Figure 2 shows data from a patient whose pre-breakfast glucose was 125 mg/dL. However, his glucose was approximately 225 mg/dL by the time his insulin started working. Had the patient known where his glucose would eventually be, he would have increased his dosage accordingly. Because his pre-lunch glucose was now 200 mg/dL, he added a correctional dose to his usual bolus. However, by the time the insulin started working, his glucose had already dropped to 75 mg/dL. In short, the ability to calculate insulin dosages based on future glucose levels provides a much safer and more effective way of achieving glycemic control.

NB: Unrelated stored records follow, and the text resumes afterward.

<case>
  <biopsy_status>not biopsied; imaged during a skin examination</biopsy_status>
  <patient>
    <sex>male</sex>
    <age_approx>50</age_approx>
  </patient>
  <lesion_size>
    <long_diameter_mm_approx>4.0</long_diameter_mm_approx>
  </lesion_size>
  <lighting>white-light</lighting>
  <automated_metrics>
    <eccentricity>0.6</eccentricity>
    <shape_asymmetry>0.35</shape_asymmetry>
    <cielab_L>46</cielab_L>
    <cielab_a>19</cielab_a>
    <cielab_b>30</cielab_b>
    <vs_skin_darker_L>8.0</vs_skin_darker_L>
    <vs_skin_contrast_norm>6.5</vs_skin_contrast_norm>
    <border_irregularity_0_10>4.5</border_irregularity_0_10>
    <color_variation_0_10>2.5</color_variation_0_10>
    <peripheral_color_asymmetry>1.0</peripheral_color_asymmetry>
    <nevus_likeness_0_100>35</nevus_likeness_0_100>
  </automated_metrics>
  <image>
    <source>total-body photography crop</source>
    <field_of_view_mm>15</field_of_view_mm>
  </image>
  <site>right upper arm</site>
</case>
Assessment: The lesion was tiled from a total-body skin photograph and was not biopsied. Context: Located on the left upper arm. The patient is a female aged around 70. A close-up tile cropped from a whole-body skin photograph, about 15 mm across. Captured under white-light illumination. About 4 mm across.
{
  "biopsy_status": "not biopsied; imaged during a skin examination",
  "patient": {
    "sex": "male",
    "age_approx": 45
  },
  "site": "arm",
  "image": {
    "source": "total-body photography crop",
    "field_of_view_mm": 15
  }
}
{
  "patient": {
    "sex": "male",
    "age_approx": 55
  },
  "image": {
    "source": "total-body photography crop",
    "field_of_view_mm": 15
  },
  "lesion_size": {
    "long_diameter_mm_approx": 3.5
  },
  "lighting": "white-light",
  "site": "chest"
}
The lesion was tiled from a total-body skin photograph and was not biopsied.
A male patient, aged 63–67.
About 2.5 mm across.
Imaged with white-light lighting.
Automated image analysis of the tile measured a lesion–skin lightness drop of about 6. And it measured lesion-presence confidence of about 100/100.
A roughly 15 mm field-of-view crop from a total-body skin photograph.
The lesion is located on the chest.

Some key issues to consider when looking to the future of continuous glucose monitoring relate to how we can better predict hypoglycemia or adjust basal insulin rates. There is also the question of when a closed-loop system will finally be available.
There are a lot of predictive algorithms currently available; some are much more complicated than others. However, in every algorithm, the focus is on sensitivity and specificity. Sensitivity refers to how well the device predicts hypoglycemia while specificity refers to its ability to detect hypoglycemia. Sensitivity and specificity are measured using Receiver Operating Characteristic (ROC) curves. This method was developed in the 1950's as a by-product of research on interpreting radio signals contaminated by noise.
Within the context of hypoglycemia predictions, ROC curves allow us to look at the trade-off between sensitivity and specificity. Are patients willing to be bothered with false alarms (sensitivity) if the device detects 100% of actual hypoglycemic events (specificity)? If a patient is hypoglycemic every third night, is he willing to be woken up three or four times per night in order to pick up that one event? This is a question that each individual must decide.
A key concern with CGM is that patients will begin micro-adjusting their basal rates. With continuous sensors, patients will see their glucose every few minutes and may chose to take small bursts of insulin to lower elevated blood glucose between meals. Although they will be instructed to confirm glucose levels with SMBG before making any adjustments, they will need better algorithms and training about how to make insulin adjustments without overcorrecting.
Currently available continuous glucose monitoring systems lack the accuracy of blood glucose monitoring. However, the benefit of having glucose trend data makes them more useful than blood glucose monitoring for making decisions about insulin therapy. They also can be used for preventing hypoglycemia; however, sensitivity and specificity must be considered.